= 2023 Arnold Clark Cup squads =

List of players competing at the 2nd edition of the Arnold Clark Cup

This article lists the squads for the 2023 Arnold Clark Cup, the second edition of the Arnold Clark Cup. The cup consisted of a series of friendly games, and were held in England from 16 to 22 February 2023. The four national teams involved in the tournament could register a maximum of 26 players.

The age listed for each player is on 16 February 2023, the first day of the tournament. The numbers of caps and goals listed for each player do not include any matches played after the start of tournament. The club listed is the club for which the player last played a competitive match prior to the tournament. The nationality for each club reflects the national association (not the league) to which the club is affiliated. A flag is included for coaches that are of a different nationality than their own national team.

==Squads==
===Belgium===
Coach: Ives Serneels

The final 26-player squad was announced on 6 February 2023.
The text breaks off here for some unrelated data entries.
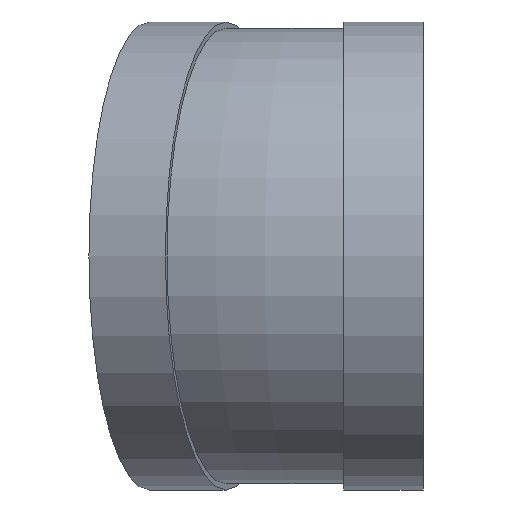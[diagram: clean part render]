
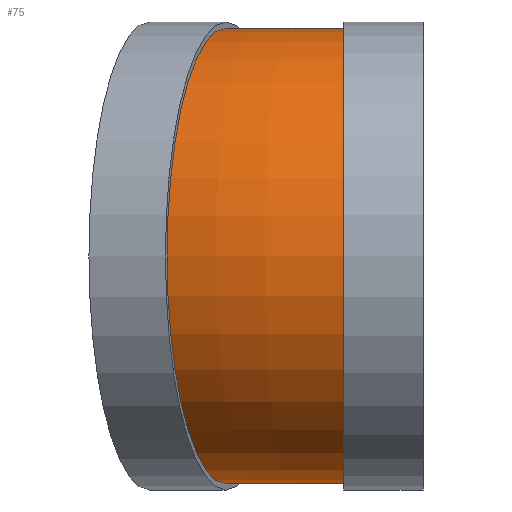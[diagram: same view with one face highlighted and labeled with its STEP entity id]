
A CAD part, left-side view. The second image highlights one B-rep face of the part: STEP entity #75.
In plain terms, the highlighted toroidal (fillet/blend) face has major radius 250 mm and minor radius 125 mm.
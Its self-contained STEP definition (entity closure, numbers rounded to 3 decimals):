
#75 = ADVANCED_FACE( '', ( #146, #147 ), #148, .T. );
#146 = FACE_OUTER_BOUND( '', #208, .T. );
#147 = FACE_OUTER_BOUND( '', #209, .T. );
#148 = TOROIDAL_SURFACE( '', #210, 250., 125. );
#208 = EDGE_LOOP( '', ( #274 ) );
#209 = EDGE_LOOP( '', ( #275 ) );
#210 = AXIS2_PLACEMENT_3D( '', #276, #277, #278 );
#274 = ORIENTED_EDGE( '', *, *, #313, .T. );
#275 = ORIENTED_EDGE( '', *, *, #318, .F. );
#276 = CARTESIAN_POINT( '', ( 250., 43.5, 0. ) );
#277 = DIRECTION( '', ( 0., 0., -1. ) );
#278 = DIRECTION( '', ( -1., 0., 0. ) );
#313 = EDGE_CURVE( '', #345, #345, #346, .T. );
#318 = EDGE_CURVE( '', #353, #353, #354, .T. );
#345 = VERTEX_POINT( '', #381 );
#346 = CIRCLE( '', #382, 125. );
#353 = VERTEX_POINT( '', #389 );
#354 = CIRCLE( '', #390, 125. );
#381 = CARTESIAN_POINT( '', ( 125., 43.5, 0. ) );
#382 = AXIS2_PLACEMENT_3D( '', #418, #419, #420 );
#389 = CARTESIAN_POINT( '', ( 129.259, 75.852, 0. ) );
#390 = AXIS2_PLACEMENT_3D( '', #427, #428, #429 );
#418 = CARTESIAN_POINT( '', ( 0., 43.5, 0. ) );
#419 = DIRECTION( '', ( 0., 1., 0. ) );
#420 = DIRECTION( '', ( 1., 0., 0. ) );
#427 = CARTESIAN_POINT( '', ( 8.519, 108.205, 0. ) );
#428 = DIRECTION( '', ( 0.259, 0.966, 0. ) );
#429 = DIRECTION( '', ( 0.966, -0.259, 0. ) );

| No. | Pos. | Player | Date of birth (age) | Caps | Goals | Club |
|---|---|---|---|---|---|---|
| 1 | GK | Nicky Evrard | 26 May 1995 (aged 27) | 59 | 0 | OH Leuven |
| 2 | DF | Davina Philtjens | 26 February 1989 (aged 33) | 115 | 10 | Sassuolo |
| 3 | FW | Ella Van Kerkhoven | 20 November 1993 (aged 29) | 23 | 13 | OH Leuven |
| 4 | DF | Michelle Colson | 19 September 1998 (aged 24) | 0 | 0 | Anderlecht |
| 5 | DF | Sarah Wijnants | 13 October 1999 (aged 23) | 26 | 2 | Anderlecht |
| 6 | FW | Tine De Caigny | 9 June 1997 (aged 25) | 81 | 39 | 1899 Hoffenheim |
| 7 | FW | Hannah Eurlings | 1 January 2003 (aged 20) | 24 | 6 | OH Leuven |
| 8 | MF | Féli Delacauw | 4 April 2002 (aged 20) | 13 | 0 | Fortuna Sittard |
| 9 | FW | Tessa Wullaert | 19 March 1993 (aged 29) | 117 | 71 | Fortuna Sittard |
| 10 | MF | Justine Vanhaevermaet | 29 April 1992 (aged 30) | 42 | 6 | Reading |
| 11 | DF | Janice Cayman | 12 October 1988 (aged 34) | 132 | 48 | Lyon |
| 12 | GK | Diede Lemey | 7 October 1996 (aged 26) | 7 | 0 | Fortuna Sittard |
| 13 | FW | Elena Dhont | 27 March 1998 (aged 24) | 30 | 3 | FC Twente |
| 14 | FW | Jassina Blom | 3 September 1994 (aged 28) | 20 | 8 | UDG Tenerife |
| 15 | DF | Jody Vangheluwe | 15 July 1997 (aged 25) | 14 | 0 | Club YLA |
| 16 | MF | Marie Detruyer | 13 January 2004 (aged 19) | 2 | 0 | OH Leuven |
| 17 | FW | Jill Janssens | 3 October 2003 (aged 19) | 11 | 0 | OH Leuven |
| 18 | DF | Laura De Neve | 9 October 1994 (aged 28) | 59 | 2 | Anderlecht |
| 19 | DF | Sari Kees | 17 February 2001 (aged 21) | 15 | 2 | OH Leuven |
| 20 | MF | Julie Biesmans | 4 May 1994 (aged 28) | 100 | 3 | PSV |
| 21 | GK | Femke Bastiaen | 11 April 2001 (aged 21) | 0 | 0 | PSV |
| 22 | DF | Laura Deloose | 18 June 1993 (aged 29) | 74 | 4 | Anderlecht |
| 23 | MF | Kassandra Missipo | 3 February 1998 (aged 25) | 45 | 0 | Basel |
| 24 | DF | Fran Meersman | 15 October 2002 (aged 20) | 2 | 0 | Gent |
| 25 | FW | Welma Fon | 1 June 2002 (aged 20) | 0 | 0 | Standard Liège |
| 26 | MF | Valesca Ampoorter | 5 March 2004 (aged 18) | 0 | 0 | OH Leuven |

===England===
Coach: NED Sarina Wiegman

The final 26-player squad was announced on 7 February 2023. Fran Kirby withdrew from the squad due to injury on 11 February and was replaced with Jordan Nobbs.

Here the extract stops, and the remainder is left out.